## DATA UNDER STUDY:

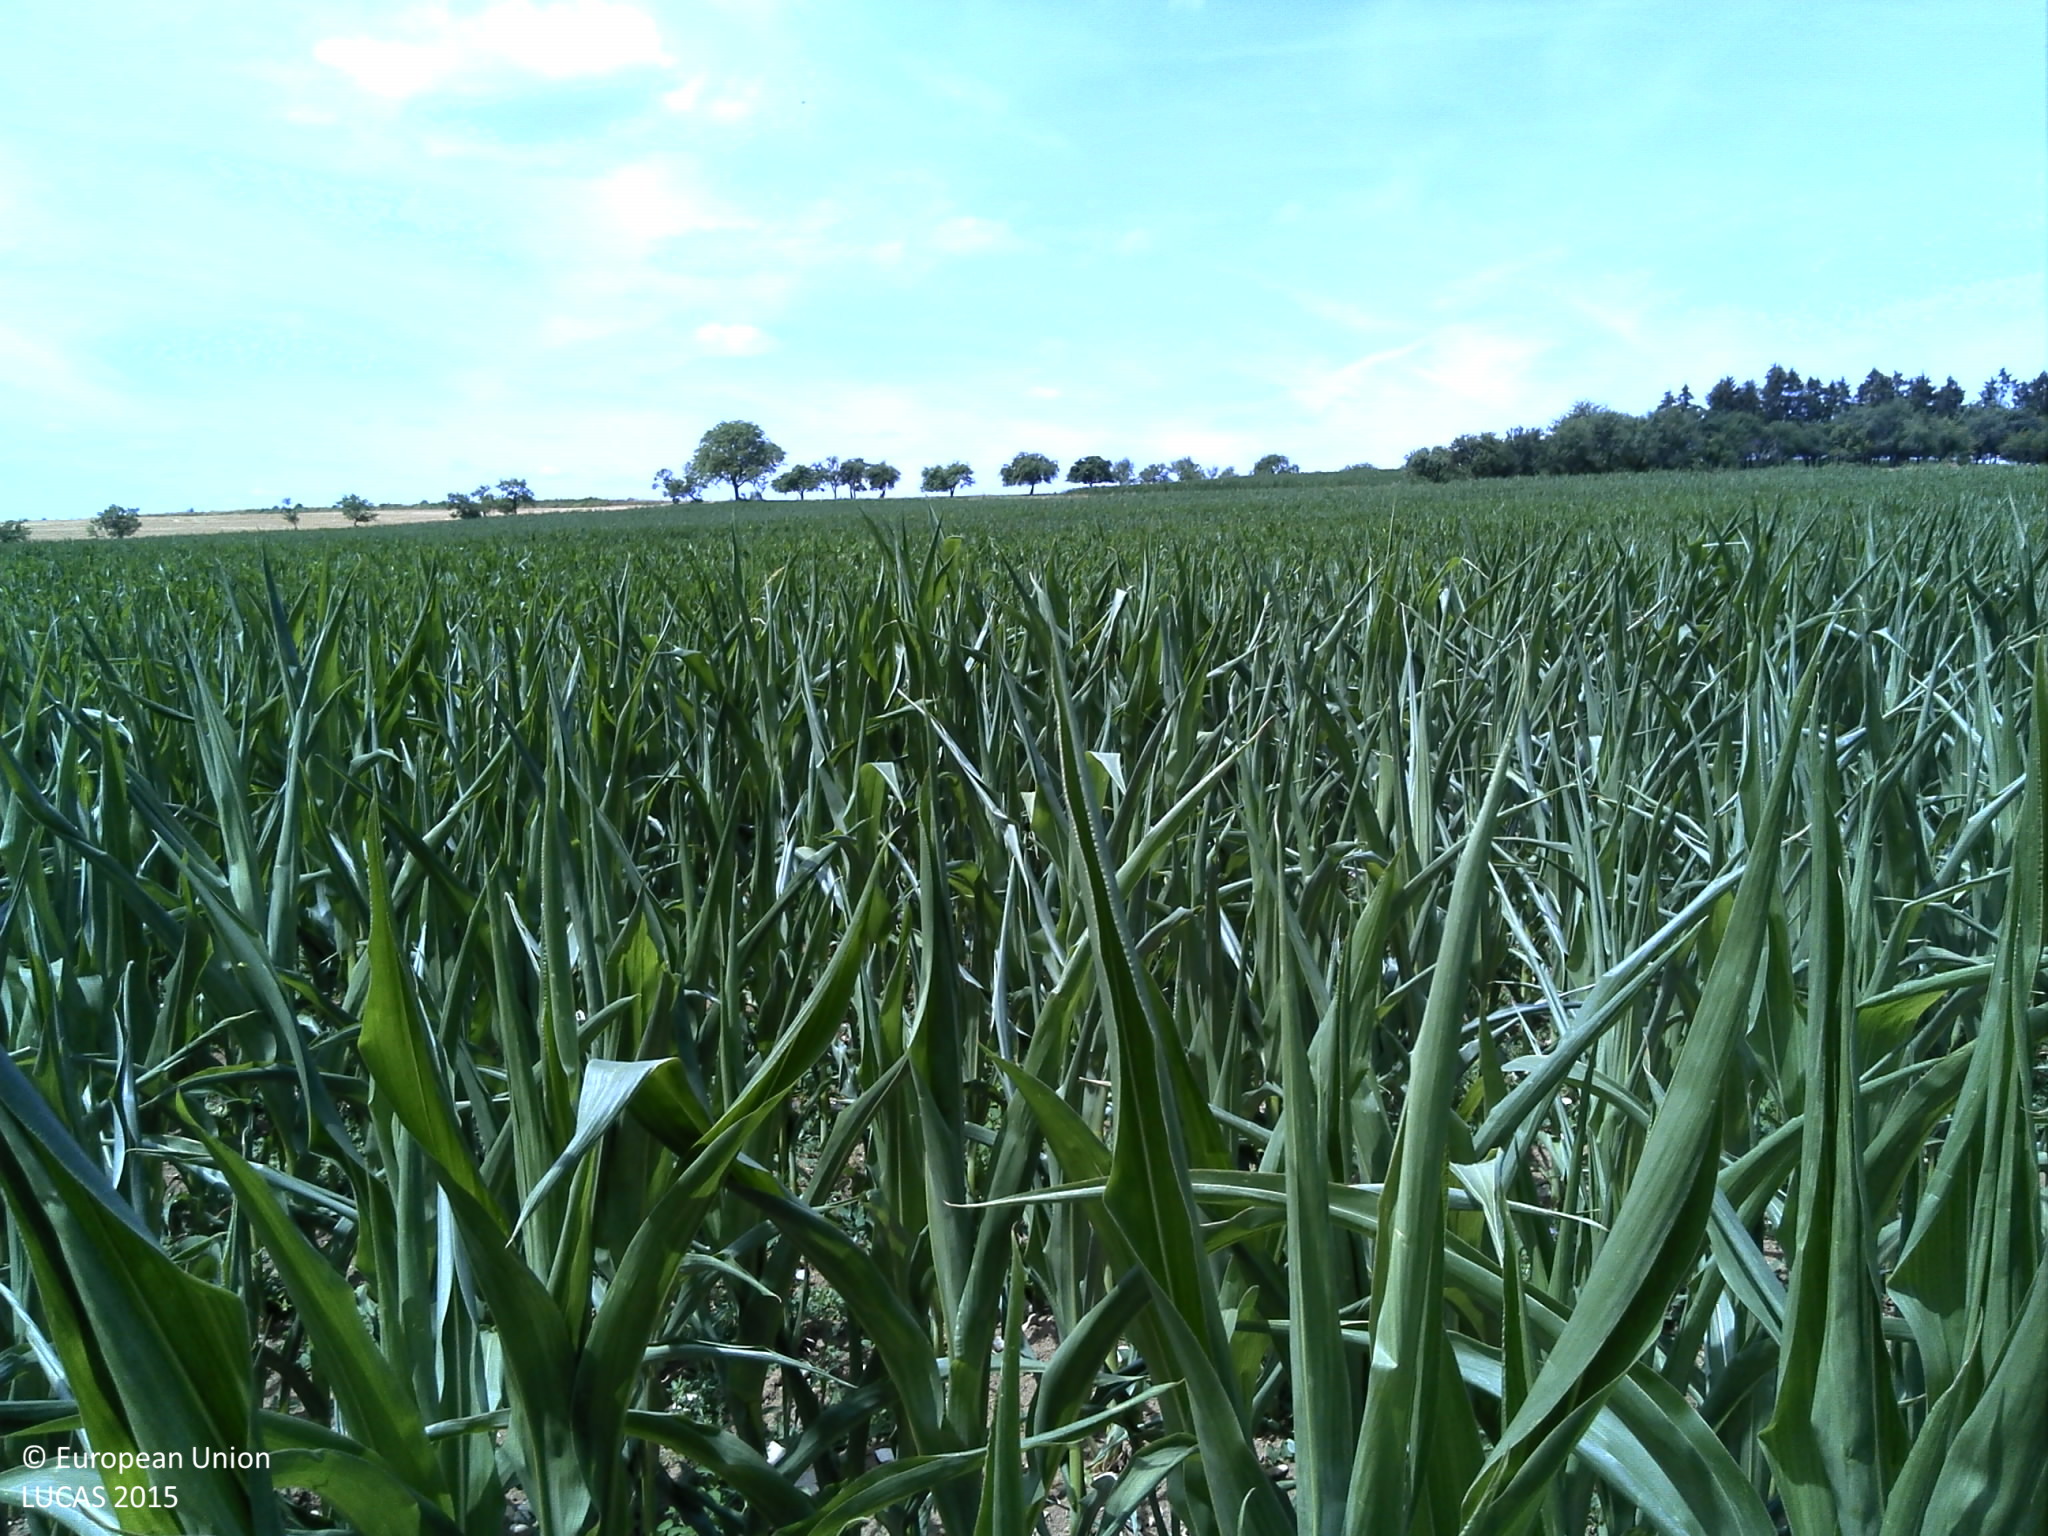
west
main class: Cropland
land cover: Maize
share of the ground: > 75 %
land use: Agriculture (excluding fallow land and kitchen gardens)
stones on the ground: 10 - 25 %
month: July
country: FR
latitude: 48.3663
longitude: 6.5045

## REQUIRED ACTION:
After locating the line that contains "stones on the ground: 10 - 25 %", print that line and every one after it through the last line of the listing, exactly.

## YOUR SOLUTION:
stones on the ground: 10 - 25 %
month: July
country: FR
latitude: 48.3663
longitude: 6.5045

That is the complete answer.